In the entries below, find each line bearing the string "rect" and copy it.

┌────────

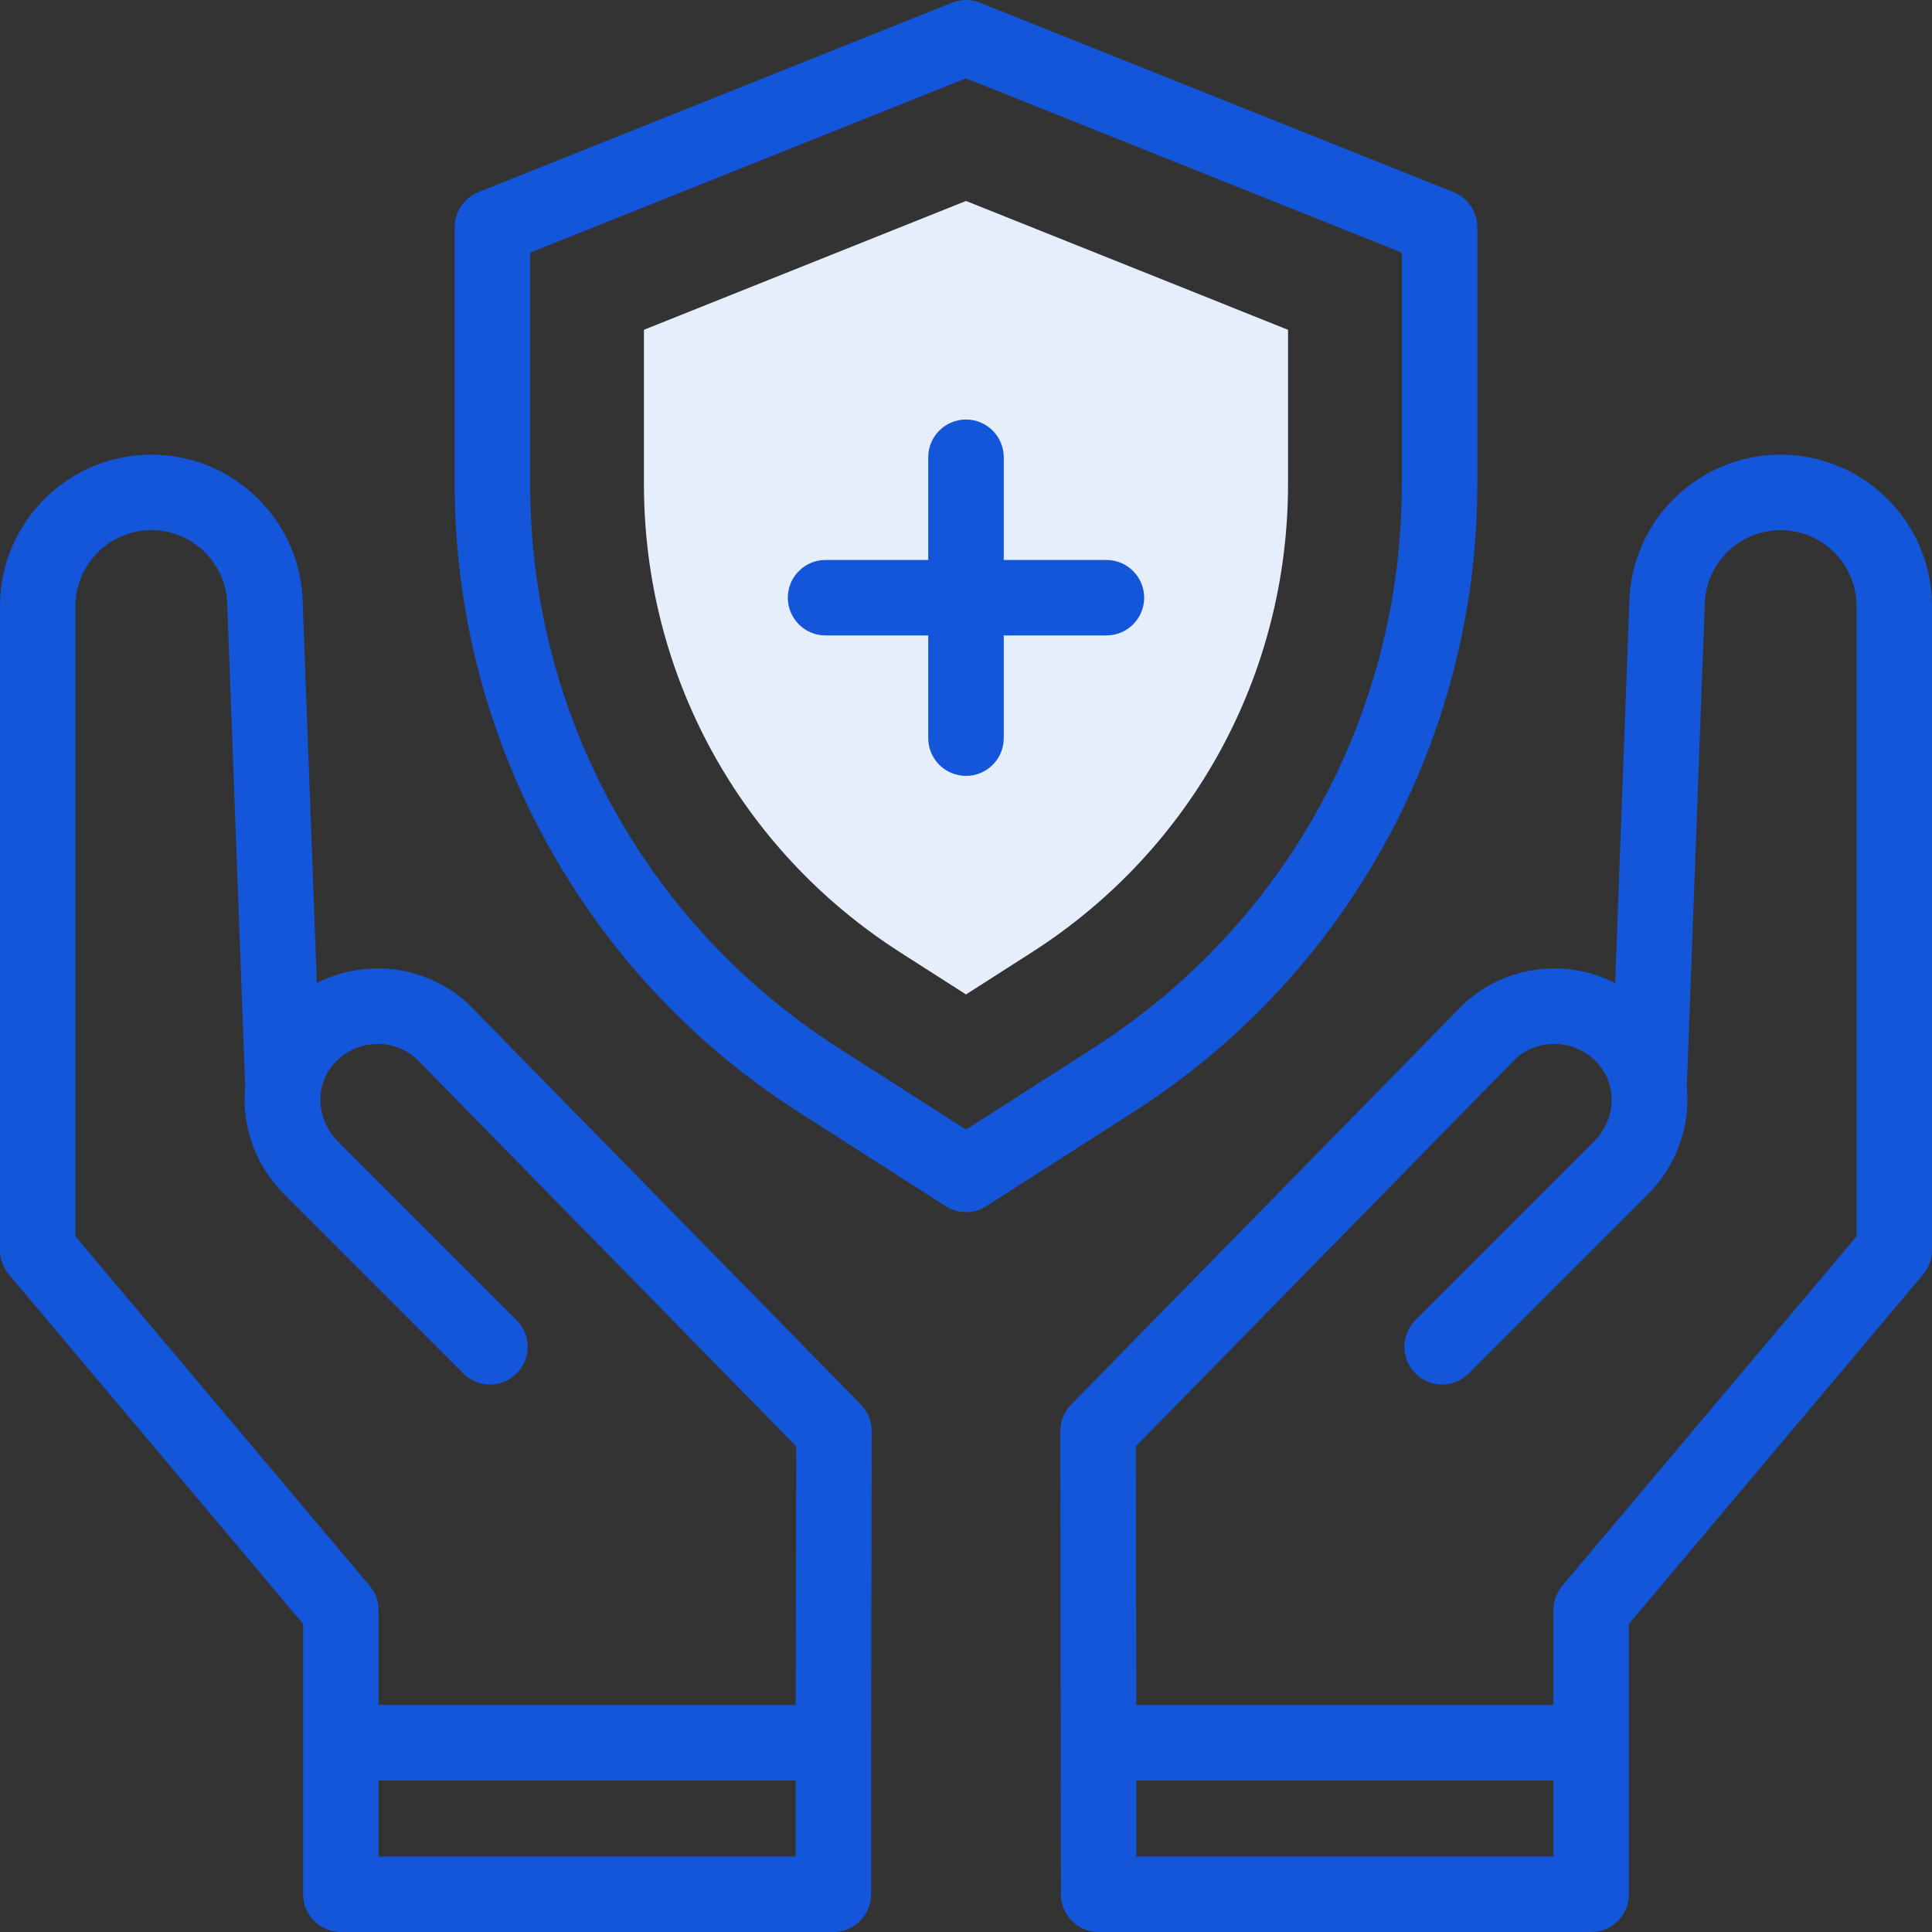 <svg width="50" height="50" viewBox="0 0 50 50" fill="none" xmlns="http://www.w3.org/2000/svg">
<rect x="0" y="0" width="50" height="50" fill="#333333" stroke="none"/>
<g clip-path="url(#clip0_1_85)">
<path d="M23.297 24.647C19.144 21.989 16.665 17.459 16.665 12.528V8.535L25 5.201L33.334 8.535V12.528C33.334 17.459 30.855 21.989 26.702 24.647L25 25.736L23.297 24.647Z" fill="#E7EEFB"/>
<path d="M28.635 14.492H25.977V11.834C25.977 11.295 25.539 10.857 25 10.857C24.461 10.857 24.023 11.295 24.023 11.834V14.492H21.365C20.826 14.492 20.389 14.929 20.389 15.469C20.389 16.008 20.826 16.445 21.365 16.445H24.023V19.103C24.023 19.643 24.461 20.08 25 20.08C25.539 20.08 25.977 19.643 25.977 19.103V16.445H28.635C29.174 16.445 29.611 16.008 29.611 15.469C29.611 14.929 29.174 14.492 28.635 14.492Z" fill="#1456DA"/>
<path d="M38.233 12.528V5.879C38.233 5.48 37.99 5.121 37.62 4.973L25.363 0.07C25.13 -0.023 24.87 -0.023 24.637 0.07L12.38 4.973C12.01 5.121 11.767 5.48 11.767 5.879V12.528C11.767 19.108 15.126 25.233 20.657 28.773L24.474 31.215C24.795 31.421 25.206 31.421 25.526 31.215L29.343 28.773C34.886 25.226 38.233 19.094 38.233 12.528ZM25 29.234L21.71 27.128C16.706 23.926 13.72 18.468 13.72 12.528V6.54L25 2.028L36.28 6.54V12.528C36.28 18.468 33.293 23.926 28.29 27.128L25 29.234Z" fill="#1456DA"/>
<path d="M46.082 11.767C43.928 11.767 42.174 13.514 42.164 15.665L41.8 25.442C40.55 24.802 38.992 24.97 37.898 25.965C37.884 25.977 37.87 25.99 37.857 26.004L27.72 36.35C27.541 36.533 27.441 36.779 27.441 37.035C27.441 37.052 27.455 49.007 27.455 49.023C27.455 49.563 27.893 50 28.432 50H41.179C41.718 50 42.156 49.563 42.156 49.023C42.156 48.036 42.156 43.012 42.156 42.026L49.77 32.983C49.919 32.807 50 32.584 50 32.354V15.685C50 13.524 48.242 11.767 46.082 11.767ZM40.202 48.047H29.409V46.078H40.202V48.047ZM48.047 31.998L40.432 41.04C40.284 41.216 40.202 41.439 40.202 41.669V44.125H29.407L29.395 37.431L39.23 27.393C39.827 26.868 40.728 26.895 41.292 27.459C41.865 28.032 41.845 28.949 41.247 29.547L36.631 34.164C36.249 34.545 36.249 35.163 36.631 35.545C37.012 35.926 37.63 35.926 38.012 35.545L42.628 30.928C43.409 30.147 43.752 29.121 43.654 28.133L44.116 15.721C44.117 15.709 44.117 15.697 44.117 15.685C44.117 14.601 44.998 13.72 46.082 13.72C47.165 13.72 48.047 14.601 48.047 15.685V31.998Z" fill="#1456DA"/>
<path d="M12.143 26.004C12.13 25.99 12.116 25.977 12.102 25.965C11.009 24.97 9.45 24.802 8.2 25.442L7.836 15.665C7.826 13.514 6.072 11.767 3.918 11.767C1.758 11.767 0 13.524 0 15.685V32.354C0 32.584 0.081 32.807 0.23 32.983L7.844 42.026V49.023C7.844 49.563 8.282 50 8.821 50H21.568C22.107 50 22.545 49.563 22.545 49.023V45.103L22.559 37.035C22.559 36.779 22.459 36.533 22.28 36.35L12.143 26.004ZM1.953 31.998V15.685C1.953 14.601 2.835 13.72 3.918 13.72C5.002 13.72 5.883 14.601 5.883 15.685C5.883 15.697 5.884 15.709 5.884 15.721L6.346 28.133C6.248 29.121 6.591 30.147 7.372 30.928L11.989 35.545C12.37 35.926 12.988 35.926 13.37 35.545C13.751 35.163 13.751 34.545 13.37 34.164L8.753 29.547C8.155 28.949 8.135 28.032 8.708 27.459C9.272 26.895 10.173 26.868 10.77 27.393L20.605 37.431L20.593 44.125H9.798V41.669C9.798 41.439 9.716 41.216 9.568 41.04L1.953 31.998ZM20.591 48.047H9.798V46.078H20.591V48.047Z" fill="#1456DA"/>
</g>
<defs>
<clipPath id="clip0_1_85">
<rect width="50" height="50" fill="white"/>
</clipPath>
</defs>
</svg>

└────────

Answer box
<rect x="0" y="0" width="50" height="50" fill="#333333" stroke="none"/>
<rect width="50" height="50" fill="white"/>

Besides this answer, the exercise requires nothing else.